_Required action_
Using the data below, return every line that holds the word "version".

[Data provided Boundary: Start]

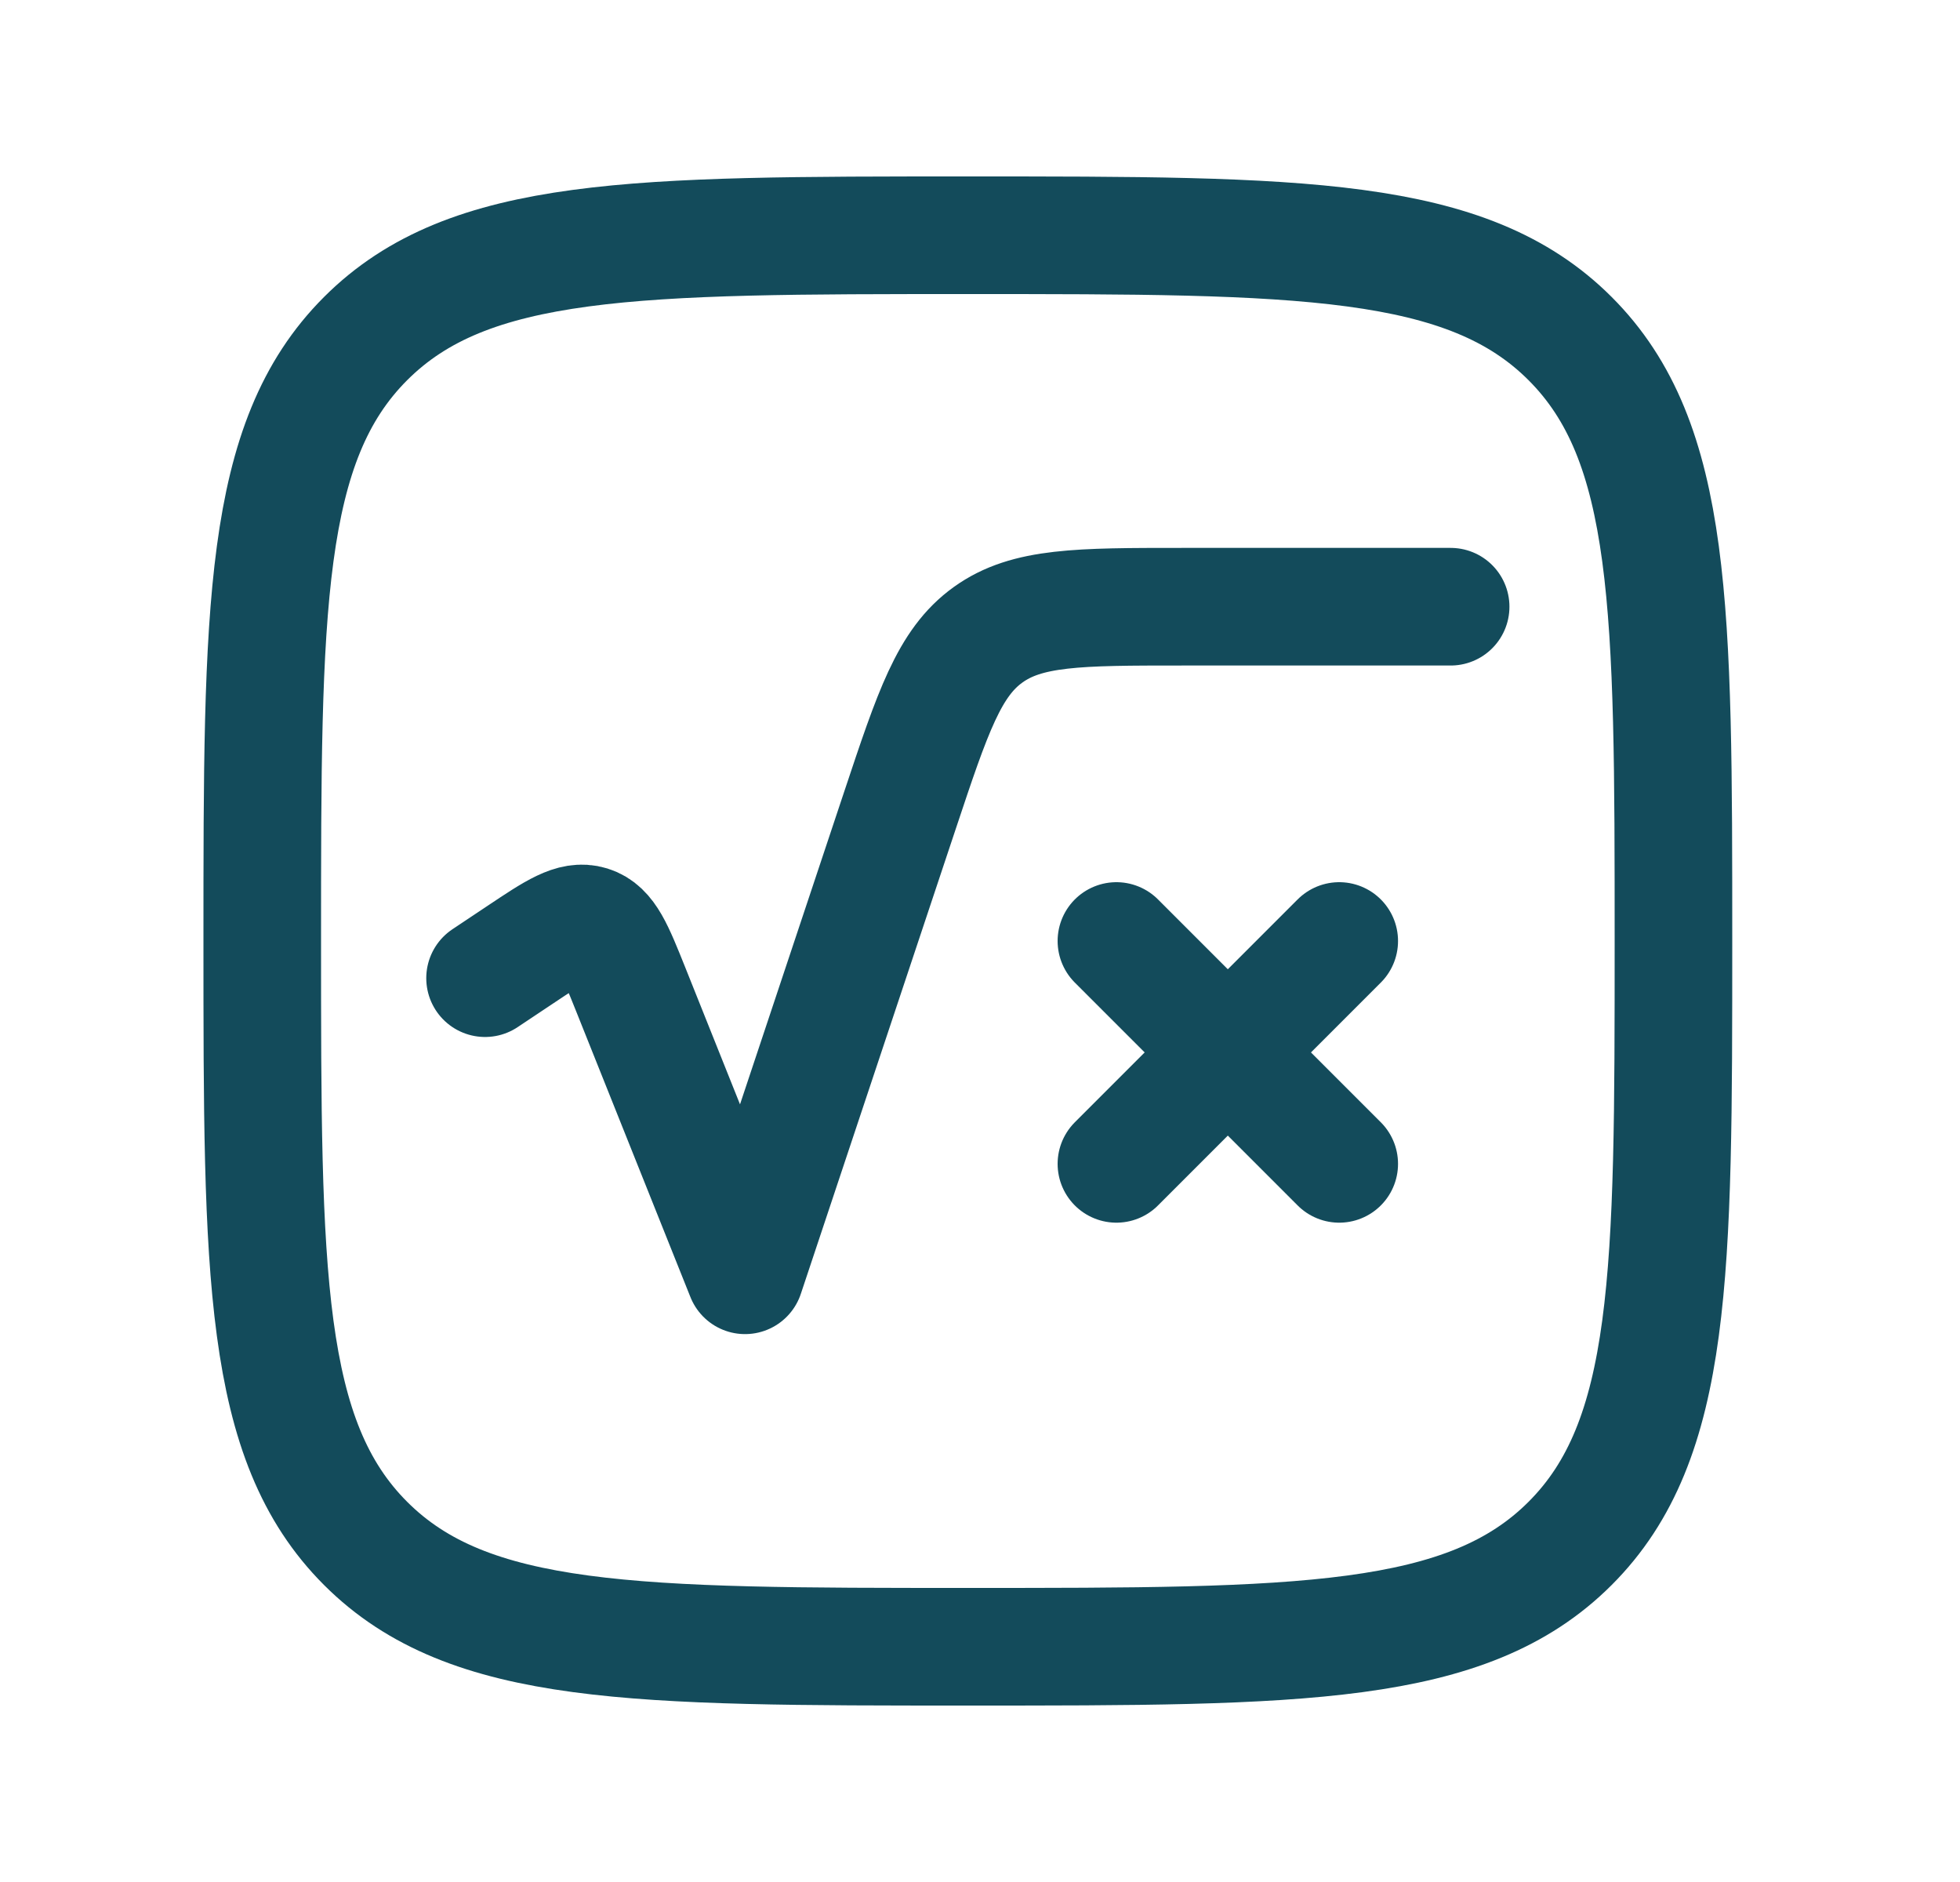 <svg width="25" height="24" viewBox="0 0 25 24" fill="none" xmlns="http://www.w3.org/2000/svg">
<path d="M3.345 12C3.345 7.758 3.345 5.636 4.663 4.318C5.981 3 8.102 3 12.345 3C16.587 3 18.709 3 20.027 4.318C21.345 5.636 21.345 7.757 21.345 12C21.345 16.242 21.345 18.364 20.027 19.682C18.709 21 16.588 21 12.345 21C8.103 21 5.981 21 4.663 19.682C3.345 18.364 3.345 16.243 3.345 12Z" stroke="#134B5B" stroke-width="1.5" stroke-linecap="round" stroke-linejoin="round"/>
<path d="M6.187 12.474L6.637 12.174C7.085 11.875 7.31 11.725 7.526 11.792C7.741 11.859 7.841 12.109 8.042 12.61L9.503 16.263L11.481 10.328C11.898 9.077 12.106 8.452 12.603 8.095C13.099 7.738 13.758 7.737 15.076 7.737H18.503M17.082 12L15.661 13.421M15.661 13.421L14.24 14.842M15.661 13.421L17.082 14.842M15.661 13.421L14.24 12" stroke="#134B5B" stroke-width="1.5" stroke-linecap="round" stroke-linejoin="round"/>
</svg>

[Data provided Boundary: End]
[Data provided Boundary: Start]

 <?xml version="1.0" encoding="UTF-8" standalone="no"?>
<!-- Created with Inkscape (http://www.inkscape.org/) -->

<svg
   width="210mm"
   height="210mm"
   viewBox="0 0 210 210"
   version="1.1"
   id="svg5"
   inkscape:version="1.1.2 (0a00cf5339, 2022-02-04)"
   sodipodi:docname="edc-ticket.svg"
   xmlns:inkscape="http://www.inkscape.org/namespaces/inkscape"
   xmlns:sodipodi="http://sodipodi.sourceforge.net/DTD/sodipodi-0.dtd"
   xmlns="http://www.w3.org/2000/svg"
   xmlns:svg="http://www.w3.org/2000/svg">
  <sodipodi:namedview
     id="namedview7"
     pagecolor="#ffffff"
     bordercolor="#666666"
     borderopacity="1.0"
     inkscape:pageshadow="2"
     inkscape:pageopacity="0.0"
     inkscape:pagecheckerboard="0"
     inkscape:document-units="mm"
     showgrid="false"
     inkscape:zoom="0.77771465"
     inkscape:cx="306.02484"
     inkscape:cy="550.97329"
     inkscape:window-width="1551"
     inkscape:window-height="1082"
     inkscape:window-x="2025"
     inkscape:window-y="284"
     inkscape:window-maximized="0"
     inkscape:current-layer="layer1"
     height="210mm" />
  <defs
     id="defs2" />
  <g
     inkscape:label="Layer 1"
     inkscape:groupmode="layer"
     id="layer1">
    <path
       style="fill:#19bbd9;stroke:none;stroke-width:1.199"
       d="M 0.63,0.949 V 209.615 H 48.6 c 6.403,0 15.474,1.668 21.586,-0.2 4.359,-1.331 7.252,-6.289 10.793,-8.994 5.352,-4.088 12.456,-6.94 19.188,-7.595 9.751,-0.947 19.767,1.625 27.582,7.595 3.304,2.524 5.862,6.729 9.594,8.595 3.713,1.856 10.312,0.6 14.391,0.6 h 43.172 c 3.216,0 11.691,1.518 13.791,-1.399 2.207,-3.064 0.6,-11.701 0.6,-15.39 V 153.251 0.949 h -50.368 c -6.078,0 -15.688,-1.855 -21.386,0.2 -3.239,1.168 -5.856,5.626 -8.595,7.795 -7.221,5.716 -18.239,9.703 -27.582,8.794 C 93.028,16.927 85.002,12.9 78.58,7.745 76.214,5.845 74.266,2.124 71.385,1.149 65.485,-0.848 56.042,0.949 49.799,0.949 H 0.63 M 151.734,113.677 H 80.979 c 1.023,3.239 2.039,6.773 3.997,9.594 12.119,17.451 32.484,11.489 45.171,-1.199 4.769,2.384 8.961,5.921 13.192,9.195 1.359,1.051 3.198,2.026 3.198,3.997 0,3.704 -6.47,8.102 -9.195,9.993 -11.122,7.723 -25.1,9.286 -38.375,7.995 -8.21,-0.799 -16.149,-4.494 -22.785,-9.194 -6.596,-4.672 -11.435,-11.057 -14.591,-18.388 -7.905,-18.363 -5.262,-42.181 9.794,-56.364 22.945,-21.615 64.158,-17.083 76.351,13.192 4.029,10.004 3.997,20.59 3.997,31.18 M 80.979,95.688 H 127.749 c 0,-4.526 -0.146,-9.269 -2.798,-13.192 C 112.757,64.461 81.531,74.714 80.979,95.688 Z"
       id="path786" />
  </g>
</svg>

[Data provided Boundary: End]

_Response box_
 <?xml version="1.0" encoding="UTF-8" standalone="no"?>
   version="1.1"
   inkscape:version="1.1.2 (0a00cf5339, 2022-02-04)"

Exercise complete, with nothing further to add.